If I never shared what I learned on my journey about how to take your wounded life, or your sick body, and pour love, surrender and the cosmic truth and energy of the soul all over it until it comes out shining, and clean, and deliciously healthy and  alive, I wouldn’t be able to sleep at night.

I know, because for many years I didn’t.  

I didn’t share.  

I didn’t want to talk about healing because I told myself I didn’t want to be “boxed in,” or limited in my teachings, or conversations.  But the deeper truth was I was scared of what people would say, because my perception on the topic is so different than the mainstream conversation, even amongst some spiritual teachers.  See, there’s a whole lot to me, and what I know, and what I’m passionate about.  And previously, I used to fear that healing would overshadow the other parts of me. So I didn’t talk about it much; I pushed it down and covered over it with other conversations.

And I didn’t sleep well because of that suppression .  Or feel well either.

But what I now know is that when we share our stories, and leave clues behind for those sacred travelers who journey our previous path behind us, we become more of the Light. And that Light bans any shadow we could try and cast on ourselves, and the shadows anyone else may try and cast on us.  

Sharing our stories, and the wisdom we gained from healing our wounds is our purpose, and the path to becoming a fuller version of our most Divine, God-Self.

And I’m all about becoming more of me.  And I’m all about having a better relationship with the Light.  

I think that’s what loving ourself really is anyway – becoming more of our most Divine Self, and having a better relationship with the Light.  

The Light outside, and The Light within.

So, yes, I’m a teacher of self-love.  A self-love advocate, if you will.  A love my/yourself junkie, even.  But I’m also a healer.  Not necessarily the type that you go to place the entire possibility of your healing in their hands, but the type you go to when you’re ready to learn how to place your healing in your own hands, and what the healing journey really takes, and why you already absolutely deserve it, in the first place.

I am a healer who gives you the clues that I learned the hard way on how to return your body, your life, your heart back to wellbeing, and wholeness.  And the type that won’t let you forget the divine truth that you are already, always, and in all ways ENOUGH.  A Divine and Cosmic spark of God, wearing jeans and a t-shirt for a little while, who has everything within them already to be worthy, to be loved, to be lovable, to be safe, to be whole, and to create the juicy, delicious life they desire, and deserve.

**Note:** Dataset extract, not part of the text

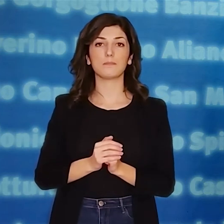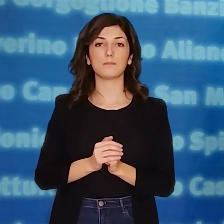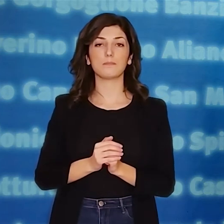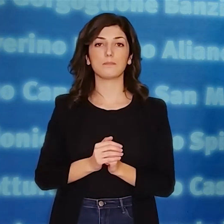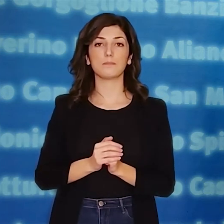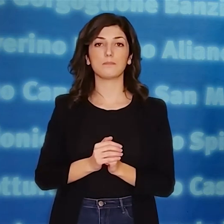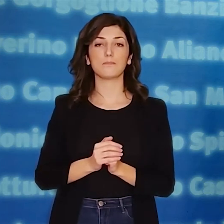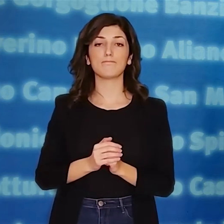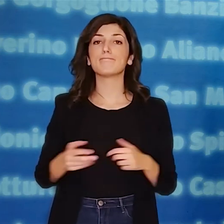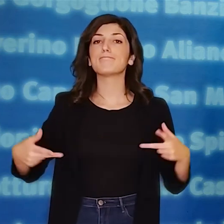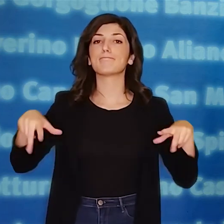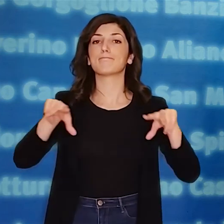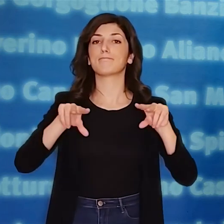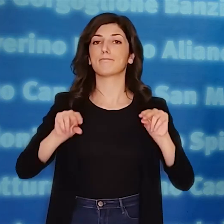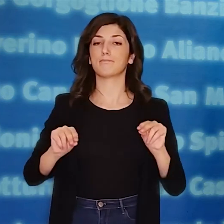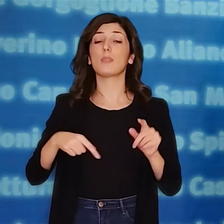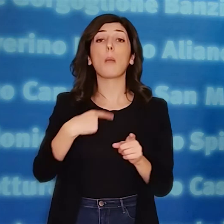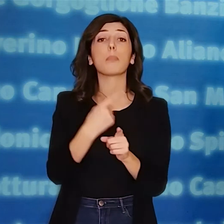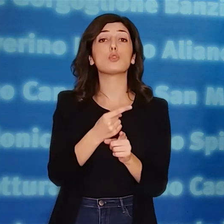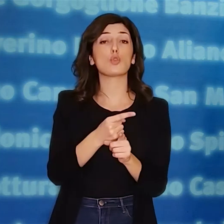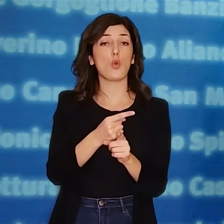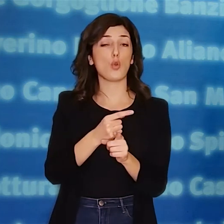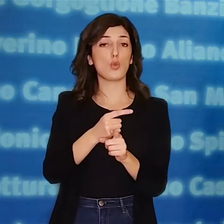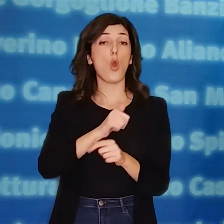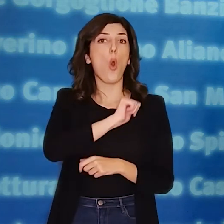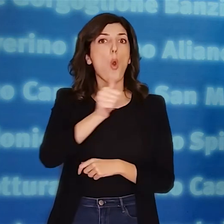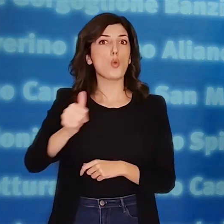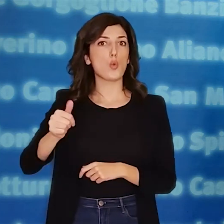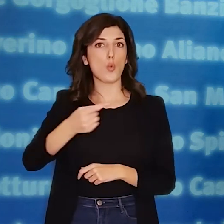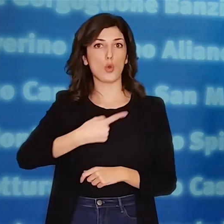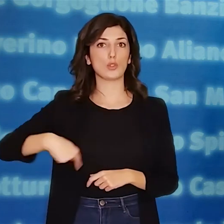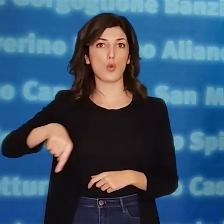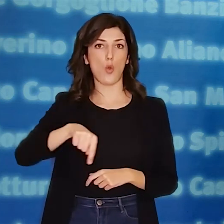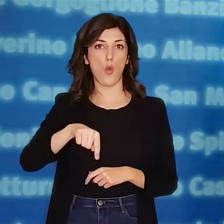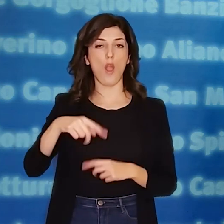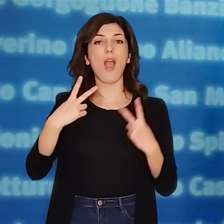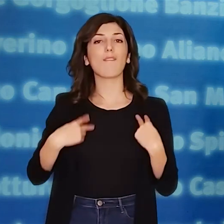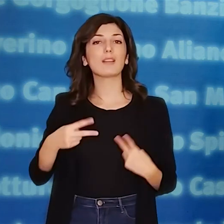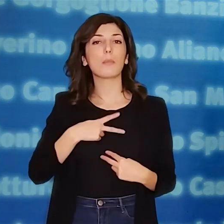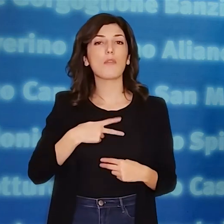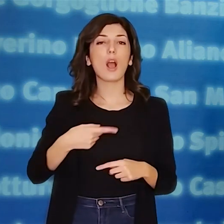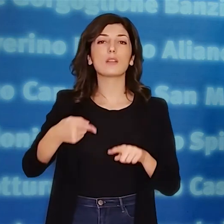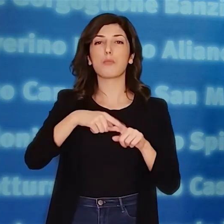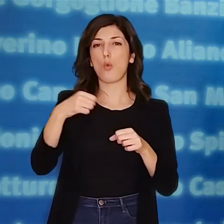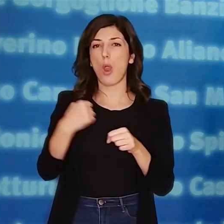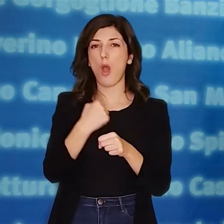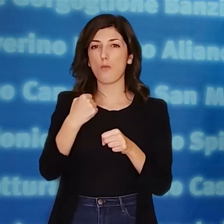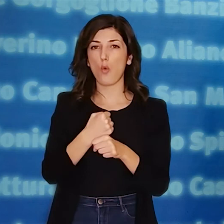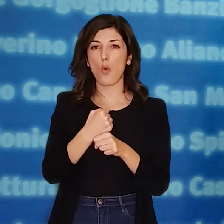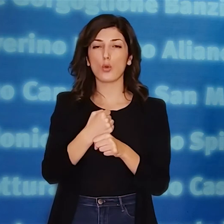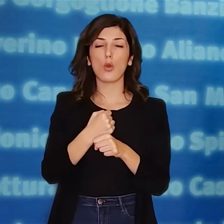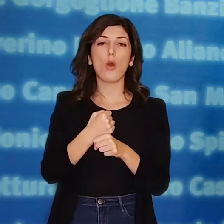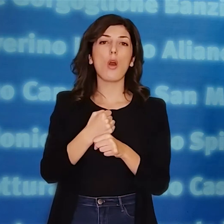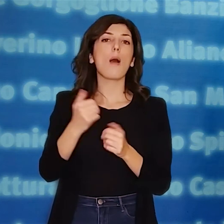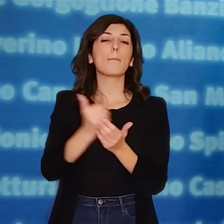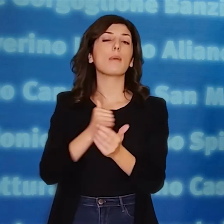si ribadisce l'esigenza civica da parte di ciascuno di noi nella vita privata e nell'ambito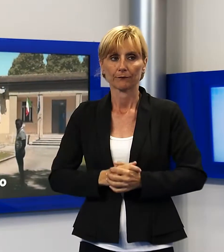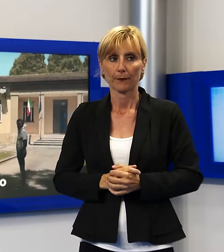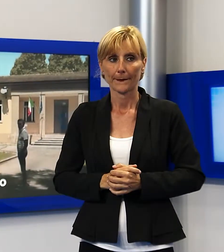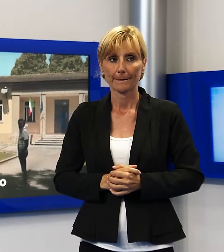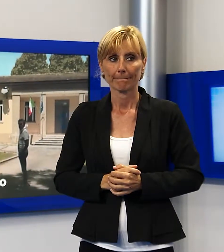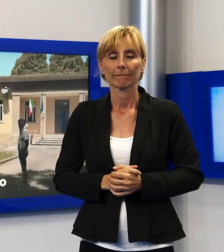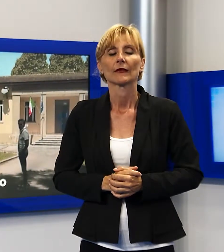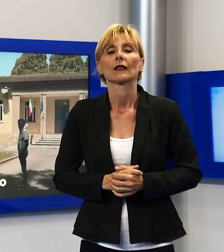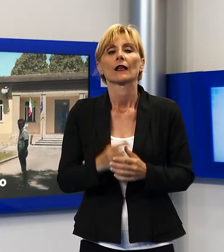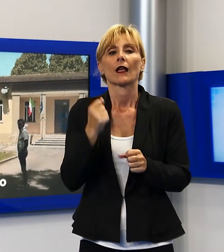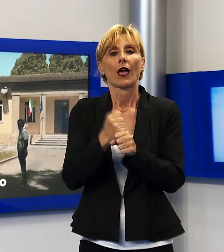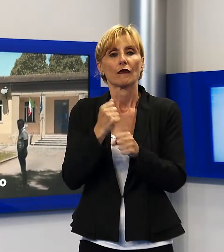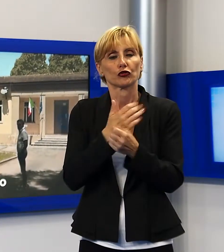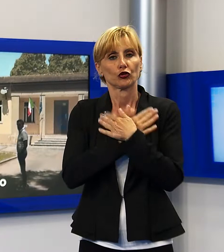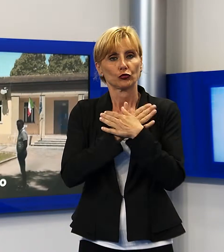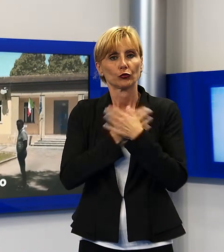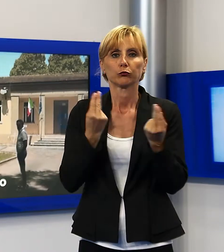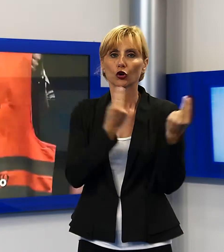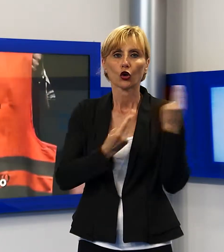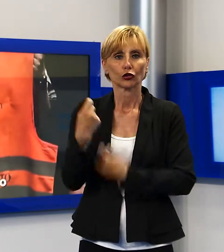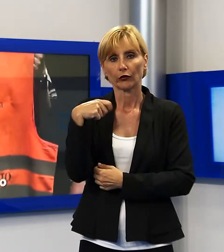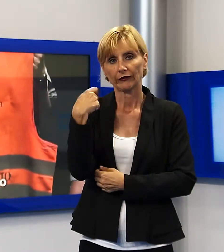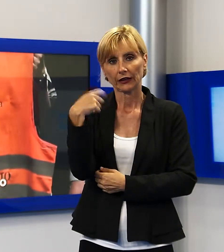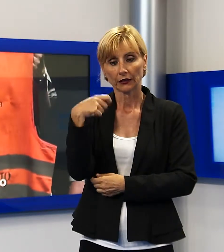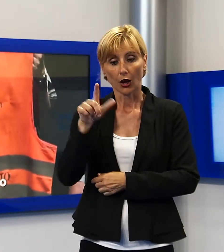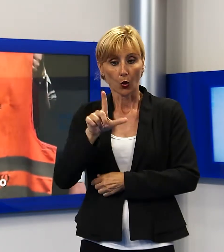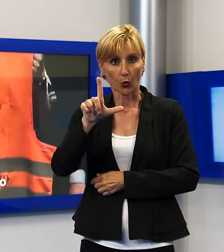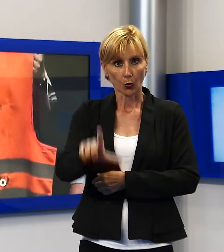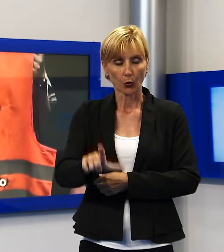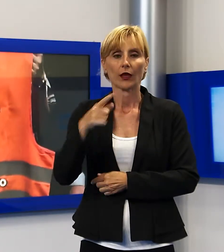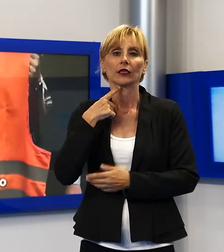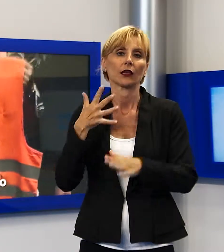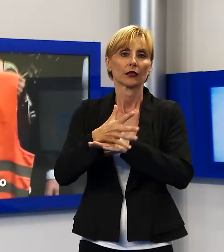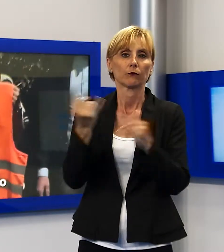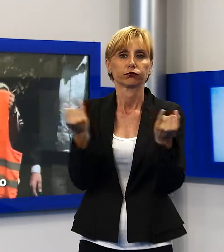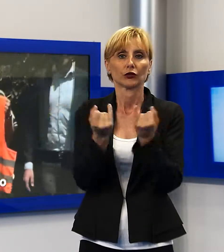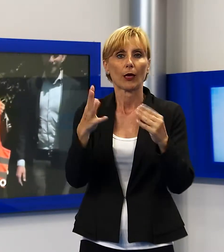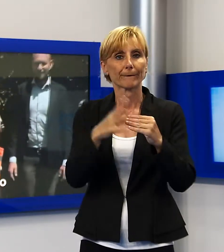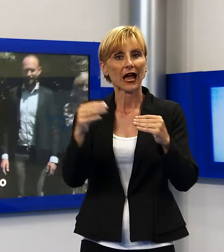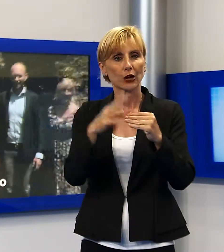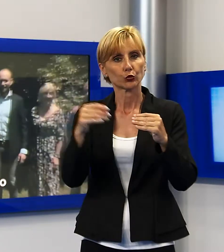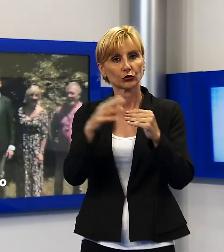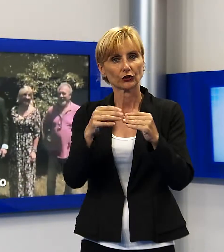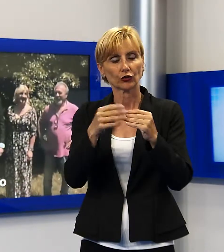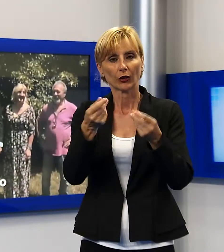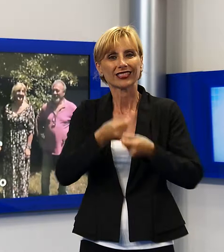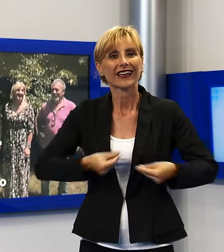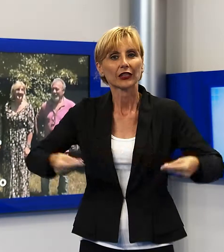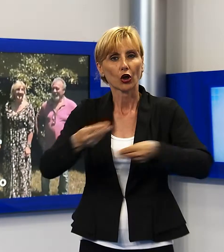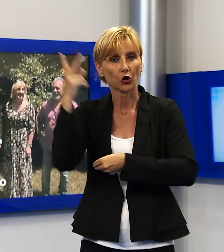Disoccupati a lavoro con il progetto Ventaglio, da lunedì partono gli interventi di piccola manutenzione sul territorio di Lucchia, finanziati con

So, indeed, I can’t sleep anymore until I leave a clue for you to pick up to help you heal.  Because then, you can begin to leave clues behind yourself for those blessed beings who have started to come after you.  

Each one teach one.  Each one remembering we are one.  

And in truth, healing is another act of love, anyway.  For when we begin to heal, we bend ourselves back to Love.  Like the plants who have been battered by the night rains, who in the morning can be found stretching and bending themselves back upward towards the Light, back to their Source.  That’s what I’ve found healing actually is:  the practice/path by which we bend ourselves back to Love, back to Source.

So in a way, that’s all I’ll be still talking about:  Love.  And all the ways we must shower it on ourselves (and others), and bend ourselves back to it when our lives have rained down on us.

Love. 

Healing.  

Bending back.

The work of a healer and self-love junkie.